Posted to user@hbase.apache.org by Christopher Dorner <ch...@gmail.com> on 2011/10/16 11:48:21 UTC

Reduce-side-join, input from hbase and hdfs

Hi,

I am considering doing Reduce-Side-Joins, where one input would be read 
from HDFS and another one from a HBase Table.

is it somehow possible to use

TableMapReduceUtil.initTableMapperJob(table, scan, Mapper_HBase.class, 
..., job);

and

MultipleInputs(job, path, ..., Mapper_HDFS.class)

in the same time for one job?
It seems, MultipleInputs(...) gets the priority when i tried to use 
both. The Mapper_HBase was not executed. It executes, when i remove the 
MultipleInputs.


And is there something equivalent to MultipleInputs() for HBase Tables? 
e.g. MultipleTableInputs()? I saw there was a request here
https://issues.apache.org/jira/browse/HBASE-2965


A workaround would be to write the Scan Results to HDFS first and do the 
reduce-side join by using MultipleInputs. But i wanted to avoid this 
additional I/O overhead.

Thanks,
Christopher




Re: Reduce-side-join, input from hbase and hdfs

Posted by Jean-Daniel Cryans <jd...@apache.org>.
You cannot have 2 input formats, so at this point you need to write your own
input format that is both an input format for HDFS files and HBase.
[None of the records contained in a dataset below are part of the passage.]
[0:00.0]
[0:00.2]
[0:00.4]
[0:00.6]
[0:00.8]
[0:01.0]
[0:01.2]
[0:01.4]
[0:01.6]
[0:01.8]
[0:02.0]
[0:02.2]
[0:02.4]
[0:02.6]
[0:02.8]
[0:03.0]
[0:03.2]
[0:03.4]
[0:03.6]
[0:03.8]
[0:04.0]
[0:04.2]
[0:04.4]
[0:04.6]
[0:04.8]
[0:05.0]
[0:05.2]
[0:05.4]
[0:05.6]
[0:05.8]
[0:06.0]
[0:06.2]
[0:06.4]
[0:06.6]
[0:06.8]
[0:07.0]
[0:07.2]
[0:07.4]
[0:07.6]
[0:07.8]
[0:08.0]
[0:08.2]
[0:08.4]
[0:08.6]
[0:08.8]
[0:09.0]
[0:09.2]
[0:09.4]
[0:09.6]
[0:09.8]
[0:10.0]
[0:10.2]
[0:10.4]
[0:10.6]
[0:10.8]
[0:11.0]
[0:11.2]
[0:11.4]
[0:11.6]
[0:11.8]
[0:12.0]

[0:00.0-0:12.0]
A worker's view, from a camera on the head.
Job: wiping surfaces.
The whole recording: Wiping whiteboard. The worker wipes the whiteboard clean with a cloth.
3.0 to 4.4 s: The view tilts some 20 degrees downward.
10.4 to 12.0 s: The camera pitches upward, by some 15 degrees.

Currently there's no MultipleTableInputFormat, although it wouldn't solve
your problem because it won't take HDFS inputs.
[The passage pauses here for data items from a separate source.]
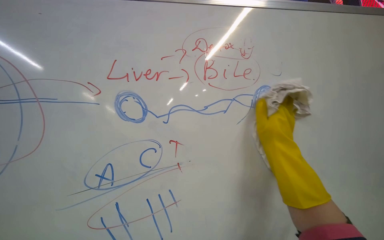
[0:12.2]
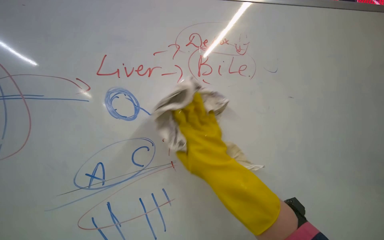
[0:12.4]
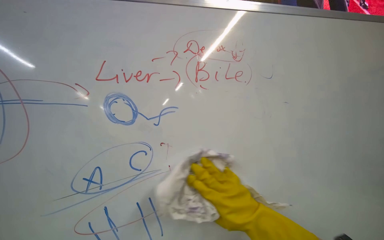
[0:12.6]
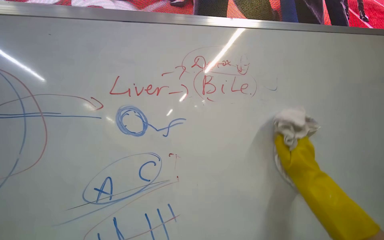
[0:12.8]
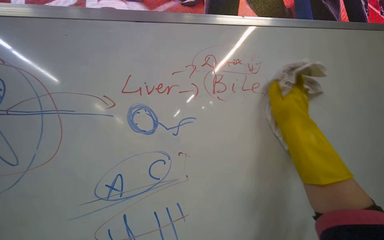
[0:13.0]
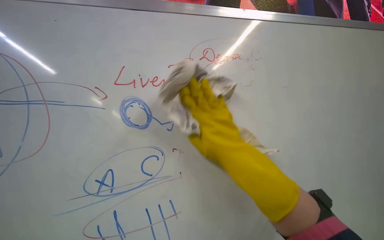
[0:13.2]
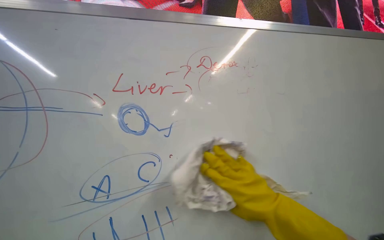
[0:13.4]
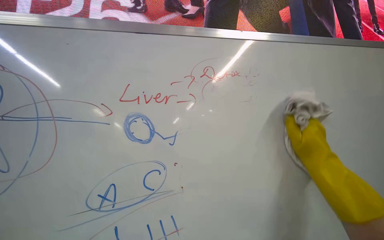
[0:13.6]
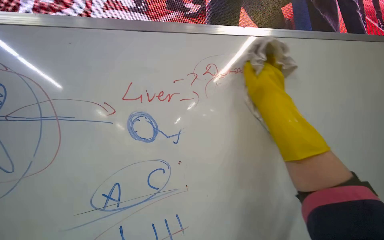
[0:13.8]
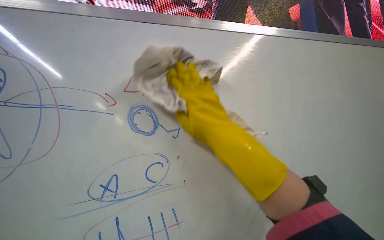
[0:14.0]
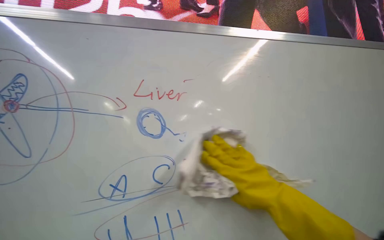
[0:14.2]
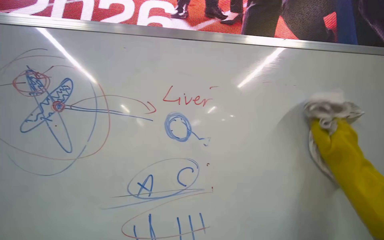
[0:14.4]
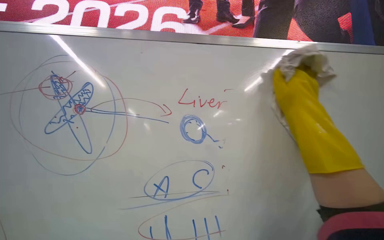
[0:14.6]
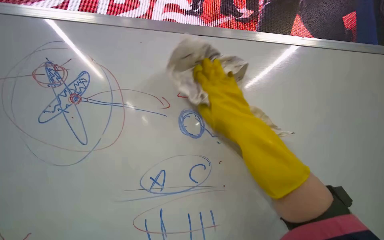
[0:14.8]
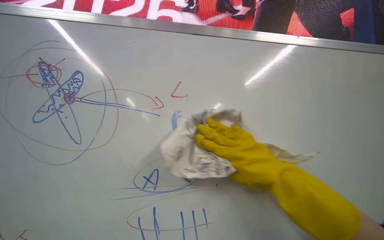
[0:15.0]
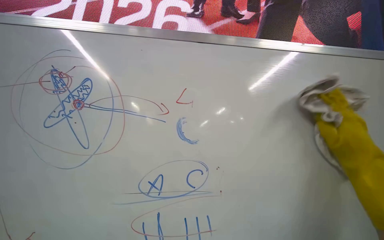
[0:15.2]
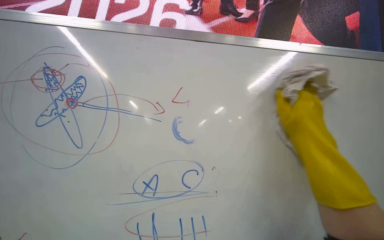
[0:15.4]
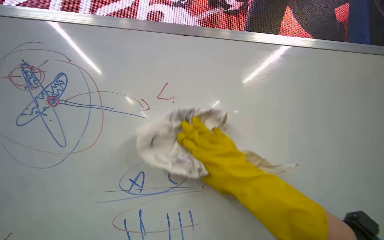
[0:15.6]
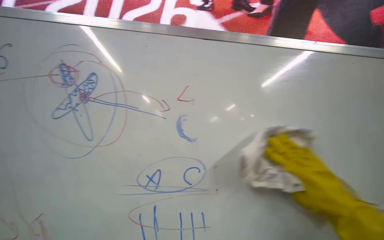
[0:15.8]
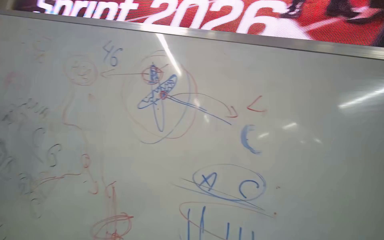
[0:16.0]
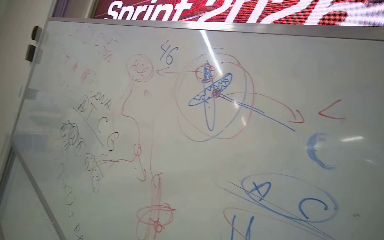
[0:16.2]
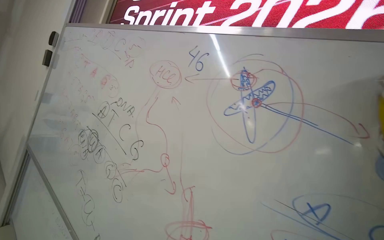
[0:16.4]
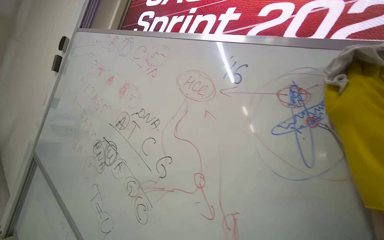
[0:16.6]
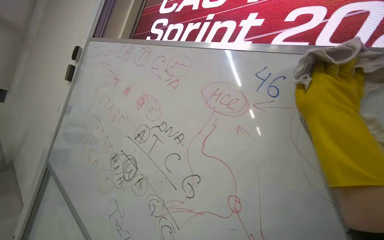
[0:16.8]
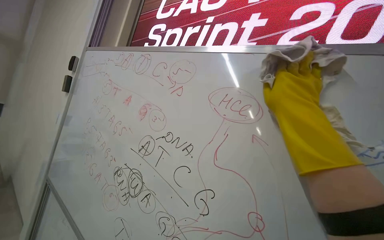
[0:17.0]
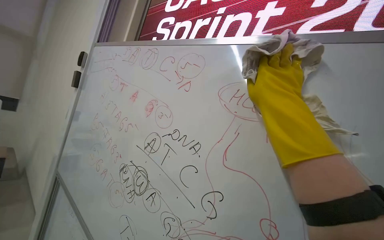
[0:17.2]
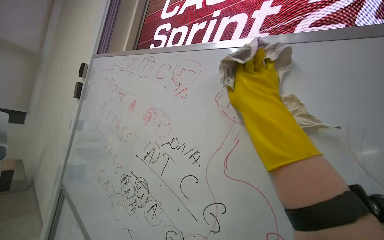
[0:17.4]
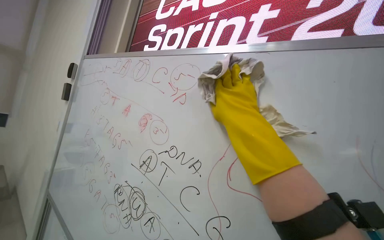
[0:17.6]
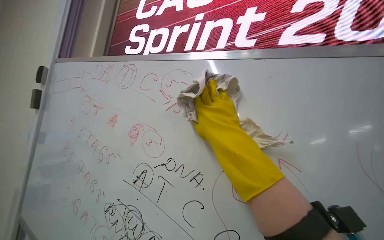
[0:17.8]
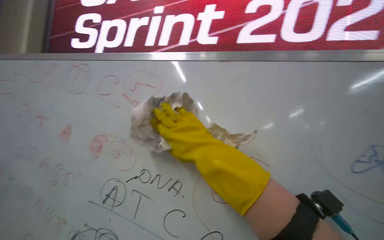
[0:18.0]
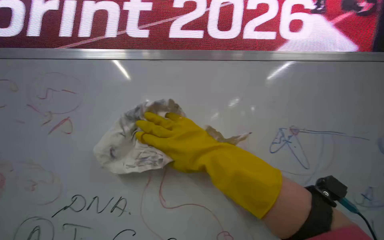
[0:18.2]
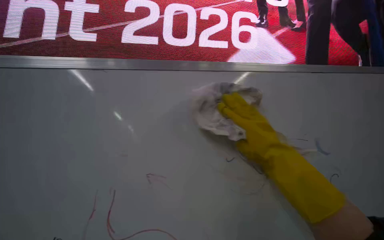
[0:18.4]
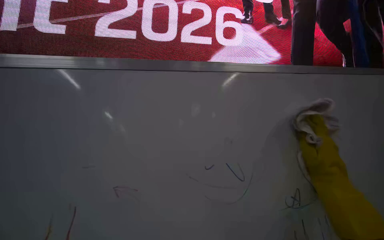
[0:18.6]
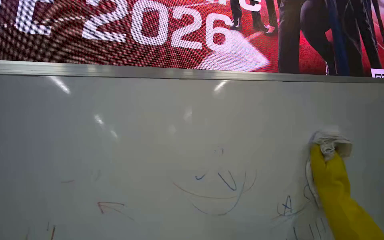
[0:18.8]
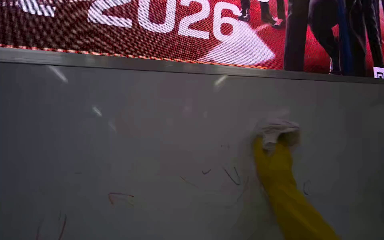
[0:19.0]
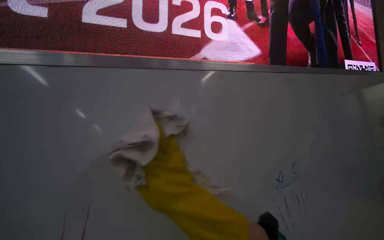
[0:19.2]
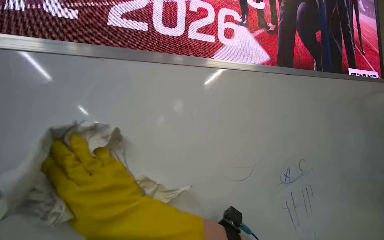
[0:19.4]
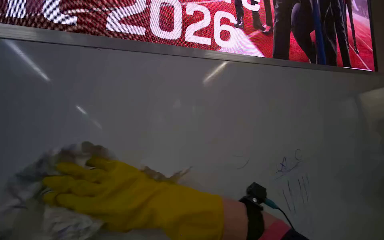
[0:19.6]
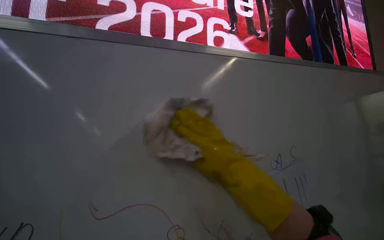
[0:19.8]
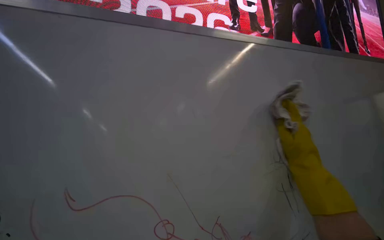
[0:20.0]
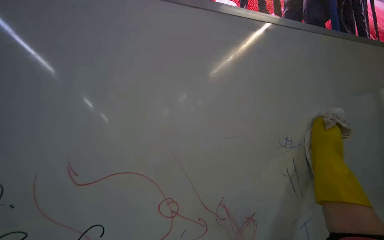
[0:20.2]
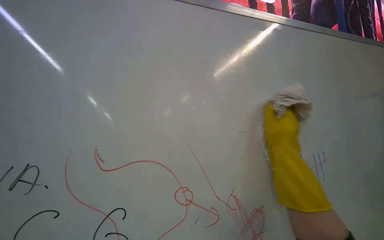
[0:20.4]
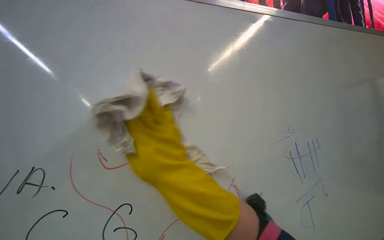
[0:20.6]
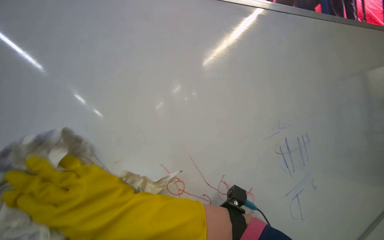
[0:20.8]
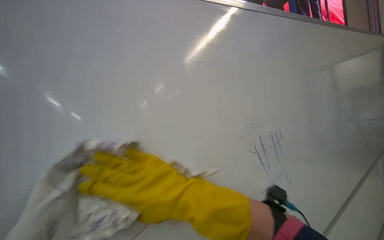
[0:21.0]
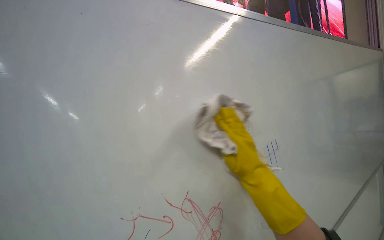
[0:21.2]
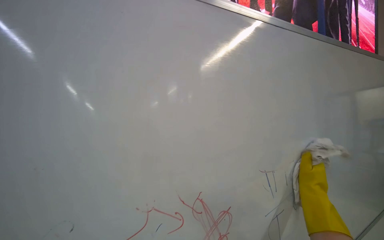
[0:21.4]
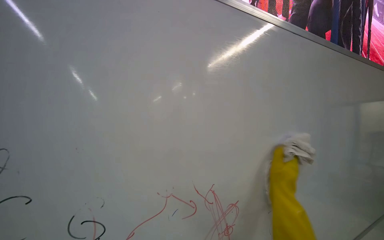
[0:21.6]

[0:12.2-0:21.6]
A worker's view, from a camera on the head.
Job: wiping surfaces.
The whole recording: Wiping whiteboard. The worker wipes the whiteboard clean with a cloth.
12.2 to 13.8 s: The right hand travels up the picture by about 20 cm, and moves roughly 20 cm to the right and comes back.
15.4 to 17.0 s: The camera travels roughly 40 cm. The head turns to the left by about 40 degrees.
17.0 to 18.4 s: The head rotates roughly 50 degrees to the right.
18.4 to 20.0 s: The right hand moves left and right over roughly 40 cm, changing direction 2 times.
20.0 to 21.6 s: The right hand swings left and right, about 40 cm each way, with 2 reversals.

Your other option sounds right, although slower as you mentioned.

J-D

On Sun, Oct 16, 2011 at 2:48 AM, Christopher Dorner <
christopher.dorner@gmail.com> wrote:

> Hi,
>
> I am considering doing Reduce-Side-Joins, where one input would be read
> from HDFS and another one from a HBase Table.
>
> is it somehow possible to use
>
> TableMapReduceUtil.**initTableMapperJob(table, scan, Mapper_HBase.class,
> ..., job);
>
> and
>
> MultipleInputs(job, path, ..., Mapper_HDFS.class)
>
> in the same time for one job?
> It seems, MultipleInputs(...) gets the priority when i tried to use both.
> The Mapper_HBase was not executed. It executes, when i remove the
> MultipleInputs.
>
>
> And is there something equivalent to MultipleInputs() for HBase Tables?
> e.g. MultipleTableInputs()? I saw there was a request here
> https://issues.apache.org/**jira/browse/HBASE-2965<https://issues.apache.org/jira/browse/HBASE-2965>
>
>
> A workaround would be to write the Scan Results to HDFS first and do the
> reduce-side join by using MultipleInputs. But i wanted to avoid this
> additional I/O overhead.
>
> Thanks,
> Christopher
>
>
>
>